Since its start, jazz has been characterized by improvisation. Jazz musicians learned to rely on the essential elements of a song only. They constantly play variations on the main theme, listening to ideas from other players and reacting to them, in order to create exciting and moving music. In a VUCA world, modern, agile organizations should be like jazz combos: reacting to, and anticipating rapidly evolving competitive scenarios, in order to create value and competitive advantage.
Listening & Conversations
It wasn’t always like that. When Fredrick Taylor wrote his essay on scientific management, organizations were strictly based on low-skill workers, and mass production (“any color, so long as it is black”) . They were supposed to act as mechanisms. In this worldview, employees are cogs in a machine, and they follow detailed processes and procedures, with a clear description of what, when, and how to execute every single task. Charlie Chaplin told the contradictions of the Machine Age with a bitter-sweet flavor in his masterpiece Modern Times.
Similarly in classical music, as defined by Beethoven, Bach, or even Strawinsky, musicians follow detailed sheet music with what, when, and how to execute every single note clearly written down on paper. Musicians are of course very highly trained workers, and there is a subtle area for interpretation in dynamics, tempo, phrasing, but the composition is supposed to be played as it was written hundreds of years before, following the author’s suggestions (unless, of course, you are Lang Lang, but that’s another story). The Director drives the execution of a symphony like a CEO would drive the execution of a 10-year fixed business strategy.

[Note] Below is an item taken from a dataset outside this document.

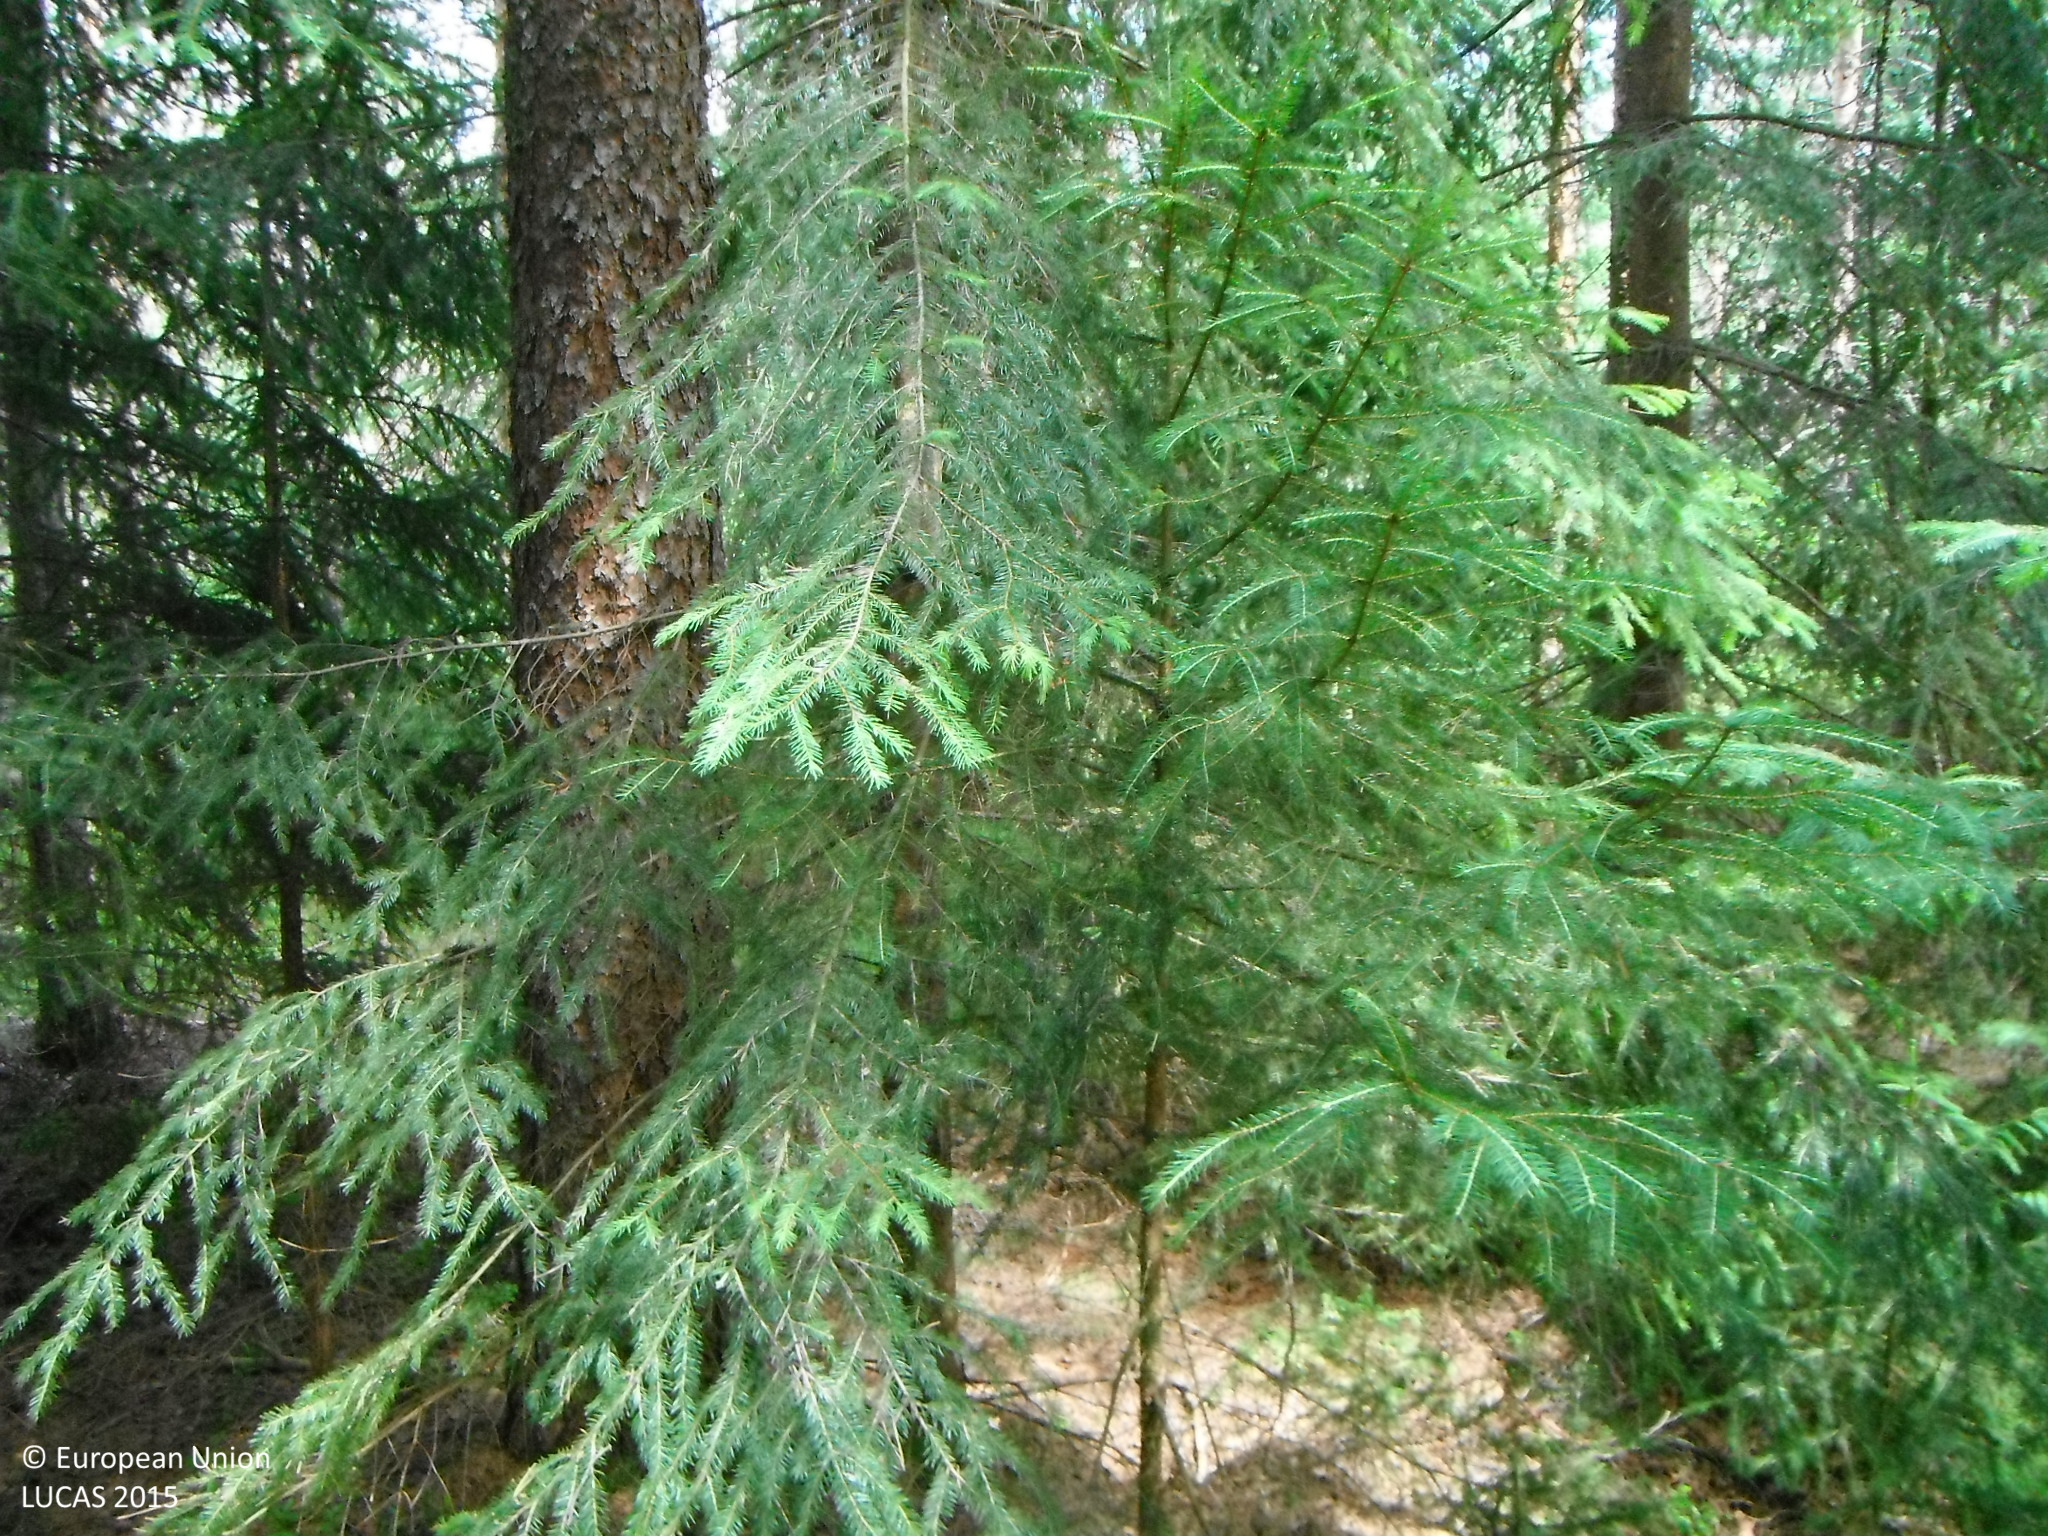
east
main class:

But in jazz music, we have a different scene. Improvisation gives much more space and power to the musicians. Collaboration and interaction are key, and much less value is placed on the composer. Music is often written with just a few elements: basic harmony, melody, and words. Notes are also swang with a ternary feeling, not played at the written value, thus creating the typical forward-driven “swing” mood. But the key for jazz improvisation is listening to the other musicians, in order to respond to them and create a new song as a result of this interpretation. It’s a sort of conversation on the same topic, happening differently every time a song is played.

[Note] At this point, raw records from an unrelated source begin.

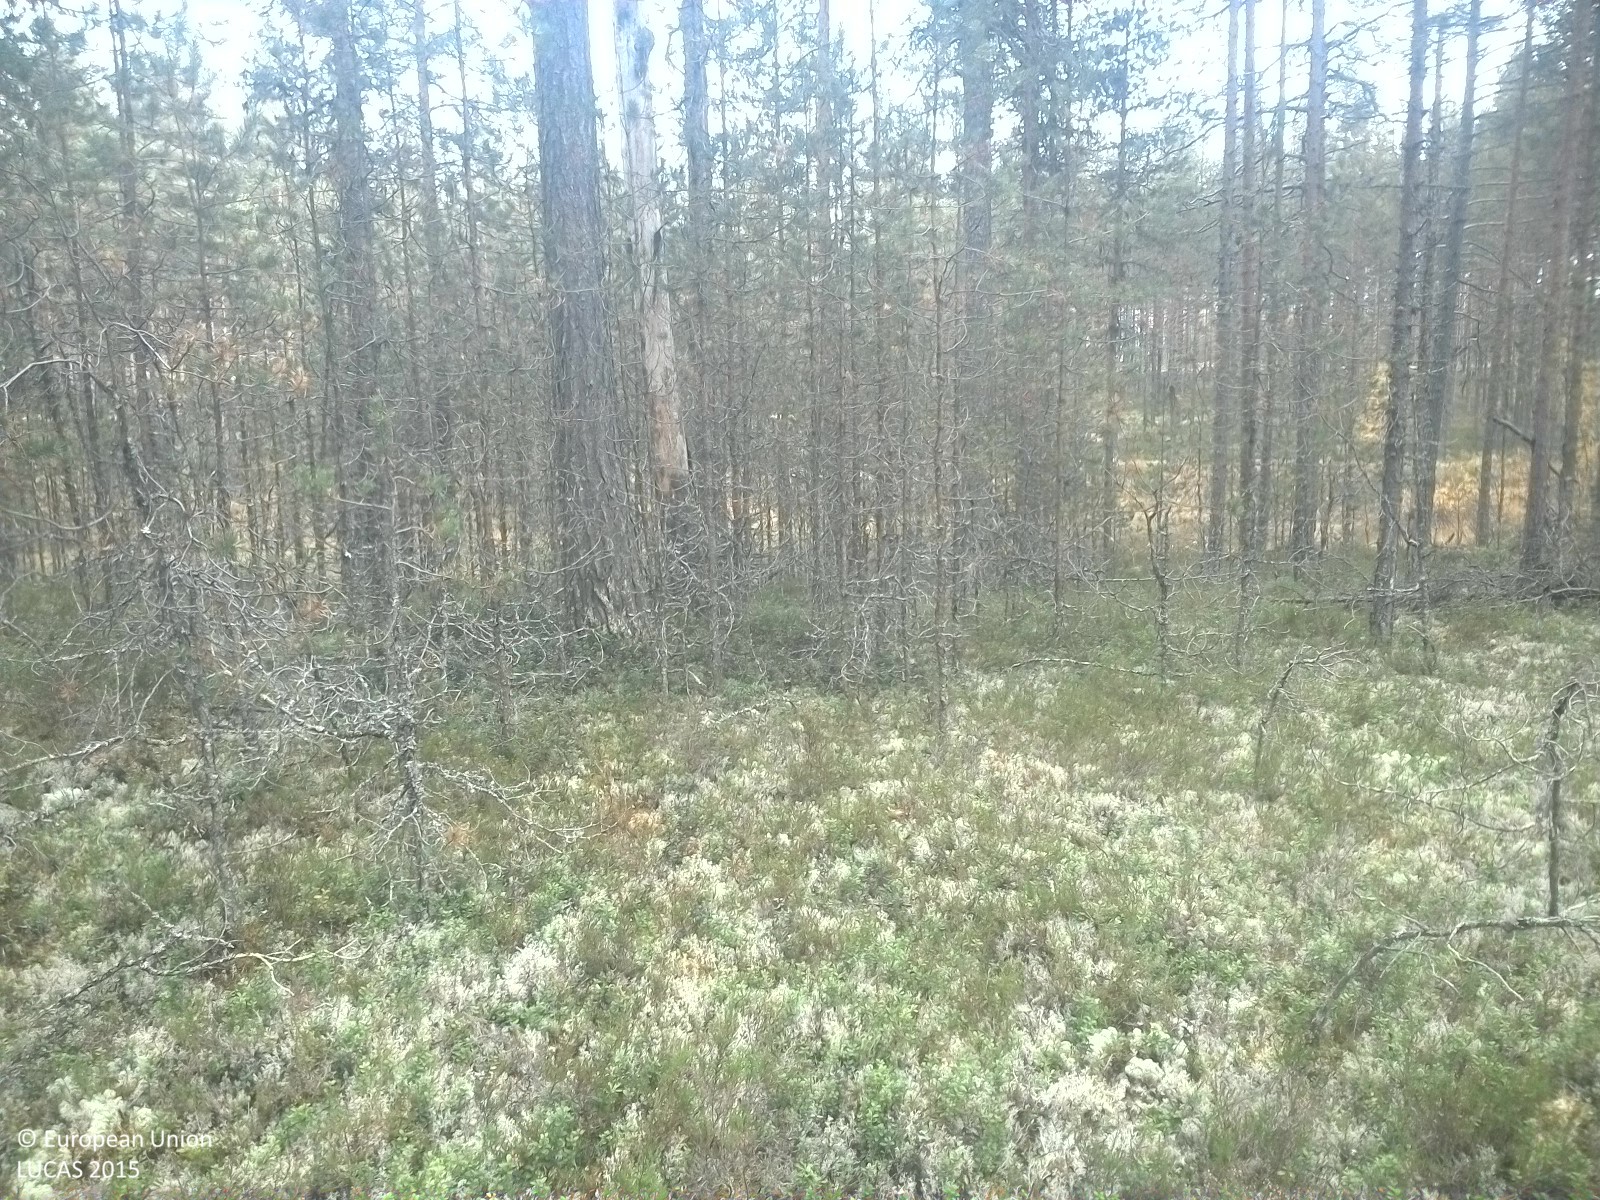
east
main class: Woodland
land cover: Pine dominated coniferous woodland
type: boreal forest
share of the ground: 50 - 75 %
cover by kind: coniferous forest trees 50 %, lichens and mosses 40 %, shrubs 10 %
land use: Forestry
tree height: > 5 m
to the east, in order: Pine dominated coniferous woodland; Peatbogs; Pine dominated coniferous woodland; Paved roads, cycling and walking lanes; Pine dominated coniferous woodland
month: September
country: SE
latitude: 62.2033
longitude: 15.5361

Thus jazz musicians, as opposed to the classical ones, do not (typically) rely on detailed written instructions on how to play. They listen to other players to generate new ideas and react to others. As a matter of fact, a common but undesired behavior is when a musician only concentrates on her own part, without really listening to others. The result is music without feelings, boring and unpleasant to the audience. How often have you experienced that?
Agile organizations, like jazz music, are also based on listening and conversations. Organizational conversations are internal and external feedback loops built with the market, the stakeholders, or the other team members in meetings and in practices. Double feedback loops are particularly relevant for learning organizations. In the first loop, a measure is checked against a benchmark -i.e did we deliver the sprint goal?- while in the second loop the mental model itself is checked and challenged, i.e. is this goal still relevant? But unfortunately, organizations that work in silos, with narrow responsibilities and value streams based on frequent hand-overs, are unable to fully take advantage of feedback and learning loops. Thus, they are inapt to quickly cope with the fast-changing direction VUCA world, thus becoming increasingly unable to retain or gain a competitive advantage. Dr. Ron Westrum described the problem in his three-culture paper “A typology of organizational cultures“.

Ron Westrum described three organizational cultures: Pathological, Bureaucratic, and Generative. His paper shows how the three cultures shape organizational performance in specific contexts.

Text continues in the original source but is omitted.